Researchers at the Yale School of Medicine have found that genetic variants linked to autism spectrum disorder may have been positively selected for in human evolution, potentially explaining their continued presence in the human genome.
Published in the journal PLOS Genetics on Feb. 10, the study tested the presence of positive evolutionary selection in five psychiatric disorders: attention deficit hyperactivity disorder, autism spectrum disorder, bipolar disorder, major depressive disorder and schizophrenia. The researchers found the strongest evidence in the genetics of autism spectrum disorder and discovered a correlation between ASD-associated genetic variants and genes involved in beneficial neural development.
“We observed that ASD-associated variations positively correlate with traits like childhood intelligence, college completion and years of schooling,” said Renato Polimanti, an associate research scientist at the medical school and the lead author on the study. “Under our hypothesis, ASD is the evolutionary cost of polygenic adaptation mechanisms related to cognitive ability.”
The study is part of a larger project supported by the Brain and Behavior Research Foundation, a nonprofit organization that funds research into the role of human evolution in shaping the genetics of psychiatric disorders. Such investigations are important, Polimanti said, because studying specific predispositions to mental illnesses throughout the evolution of the human brain can reveal the signatures of these evolutionary processes — common patterns in the way a particular gene has evolved.
“When disorders are maintained in the population, even though they are deleterious and interfere with reproductive fitness, it’s interesting to try to understand why variants with increased risks for these traits are nevertheless retained,” said Joel Gelernter ’79, a medical school psychiatry professor and a co-author on the study.

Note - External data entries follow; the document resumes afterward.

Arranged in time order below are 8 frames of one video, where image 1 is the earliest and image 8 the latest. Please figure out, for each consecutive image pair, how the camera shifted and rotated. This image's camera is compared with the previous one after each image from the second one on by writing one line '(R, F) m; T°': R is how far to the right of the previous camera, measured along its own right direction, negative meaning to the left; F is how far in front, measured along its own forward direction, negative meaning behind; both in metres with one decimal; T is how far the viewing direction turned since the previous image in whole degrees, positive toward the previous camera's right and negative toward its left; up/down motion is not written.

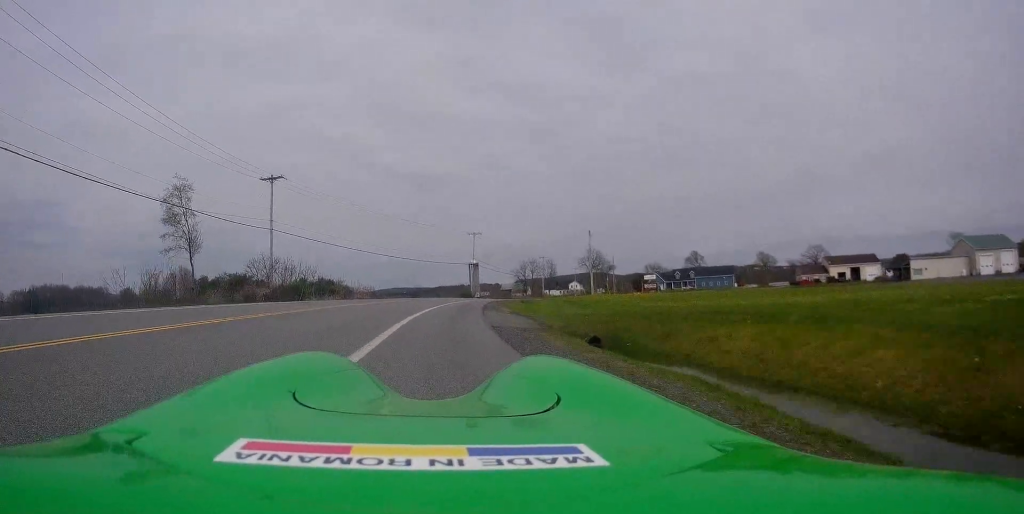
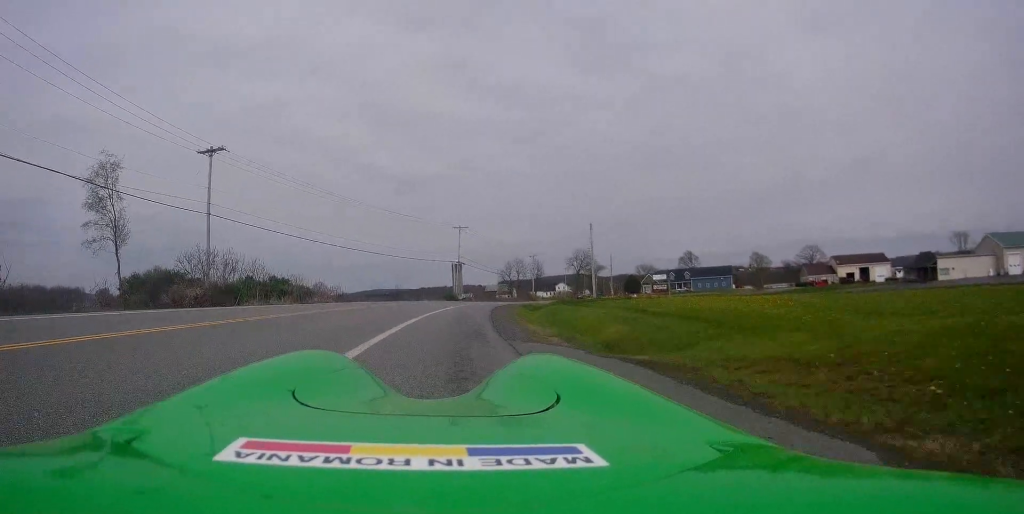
(+0.4, +12.2) m; +2°
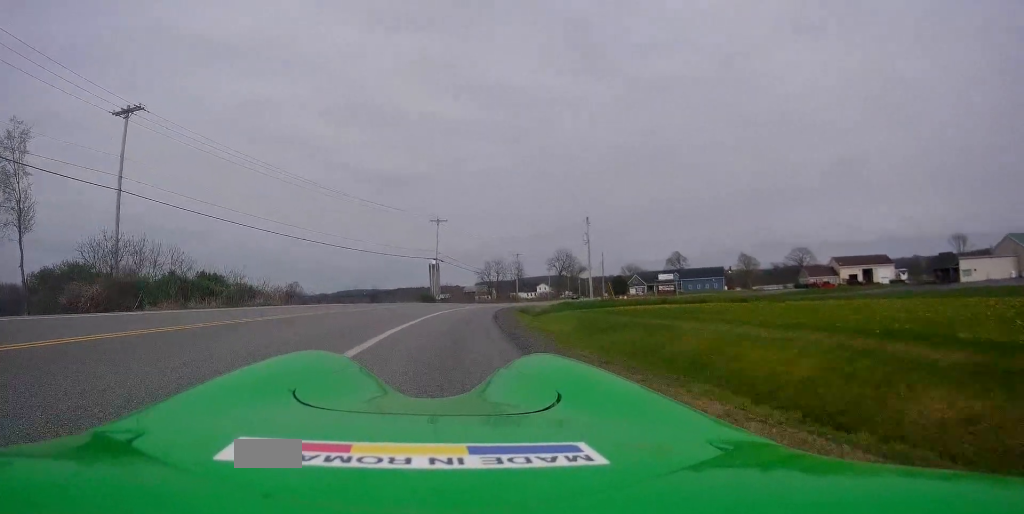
(+0.1, +10.6) m; +1°
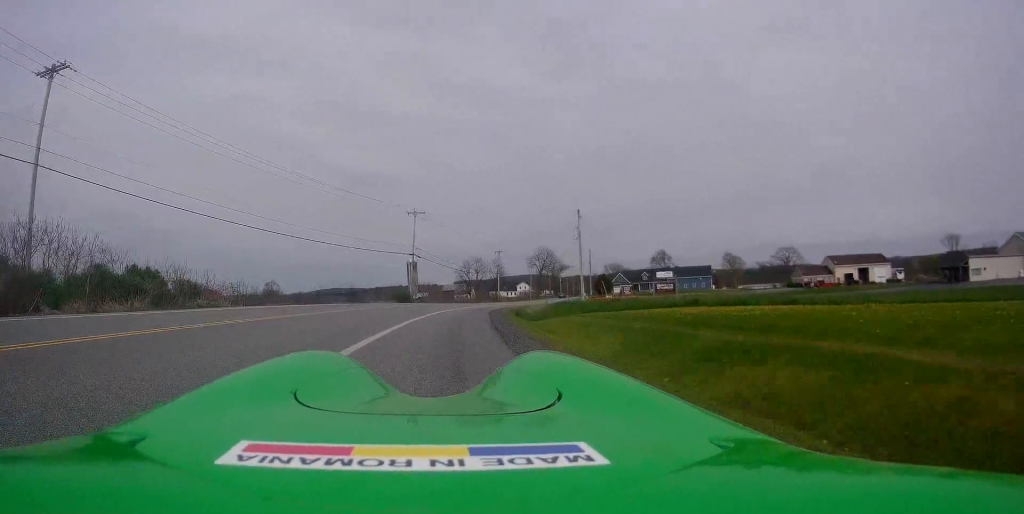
(-0.1, +7.0) m; +1°
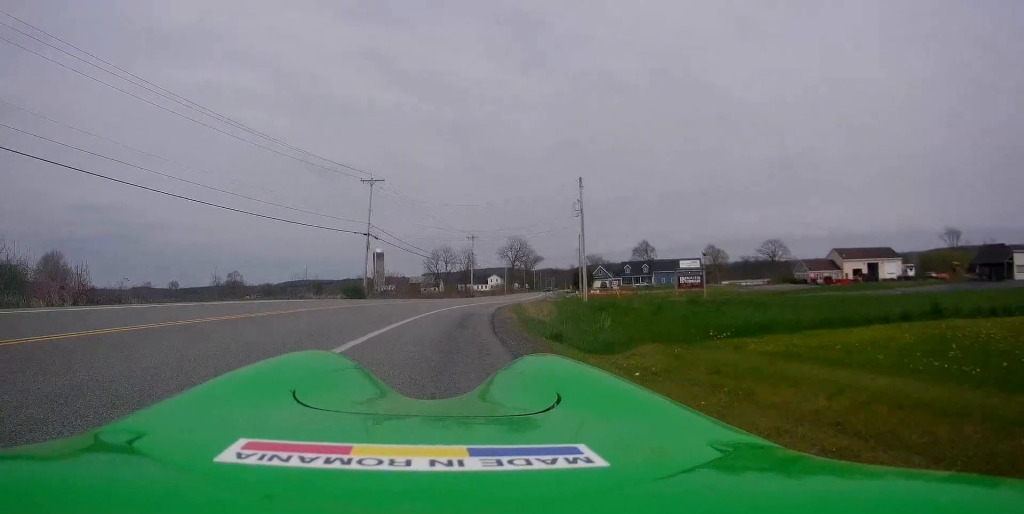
(+0.4, +15.3) m; +5°
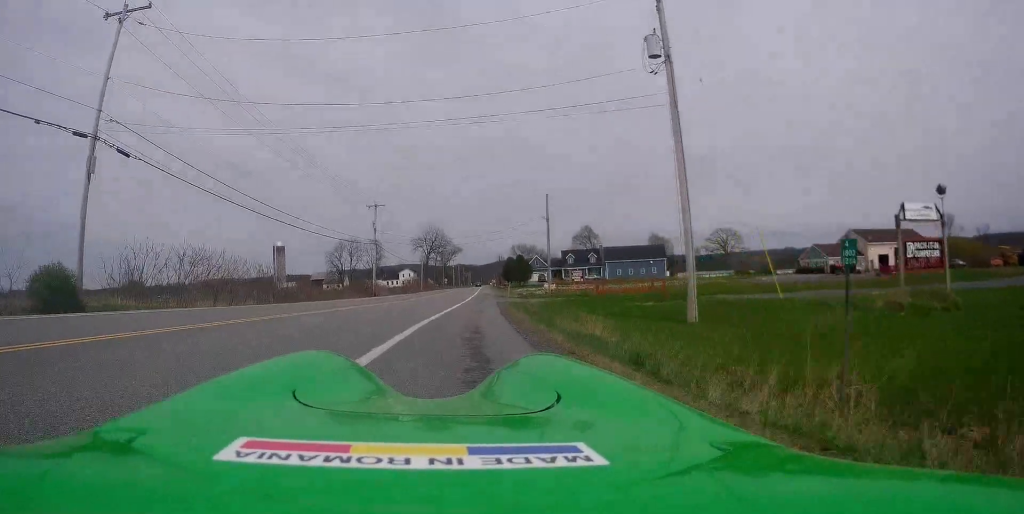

The researchers used two different types of data: association statistics from genome-wide association studies conducted by the Psychiatric Genomics Consortium and information regarding evolutionary selection signatures, which they derived from multiple tests for positive selection in the human genome.
They found that ASD-associated variations across the human genome, which affect thousands of genes, were positively selected for in larger numbers than would have been expected by chance.
Moreover, using the GWAS data, the scientists investigated whether the genetic mechanisms of ASD are shared across complex cognitive-related traits and calculated their genetic correlation. They determined that the genes with the evolutionary signatures were involved in molecular processes related to nervous system development, synapse organization and axon guidance.
With the positive correlation to traits such as childhood intelligence and college education level, the results indicate that having certain ASD-associated risk variants may have been beneficial during human evolutionary history, Polimanti said.
“We observed that ASD-risk variants across the human genome positively affect cognitive abilities,” Polimanti said. “However, those that carry too many of these genetic factors may develop the disease.”
According to Polimanti, the research confirms that ASD is a heritable disorder, and may even involve numerous variants affecting genes related to beneficial mechanisms.
The findings also provide a partial explanation for why variants that increase risk for ASD are retained. These same variants, on a population level, can improve intellectual ability and cognitive function, Gelernter said. However, certain combinations of these sets of variants can lead to ASD.
Gelernter added that the results make a substantial contribution to understanding the balancing pressure involved in genetic selection, in which an individual genetic variant can have both beneficial and deleterious effects.
Other than the genes investigated in this study, the sickle cell anemia risk allele is another example of a gene that can be both advantageous and harmful. Having one copy of the allele provides protection against malaria, but two copies result in sickle cell anemia, Gelernter said.
“These findings open a new perspective about the relationships among ASD, evolution and intelligence,” Polimanti said. “We plan to follow up our ASD findings, deepening our knowledge of the brain mechanisms related to the variants identified by analyzing both ASD cases and healthy controls.”
Polimanti said that as part of an ongoing project, the future study will also include investigating evolutionary mechanisms related to other mental illnesses.
According to the Centers for Disease Control and Prevention, about 1 in 68 children in the U.S. has been identified with some form of ASD.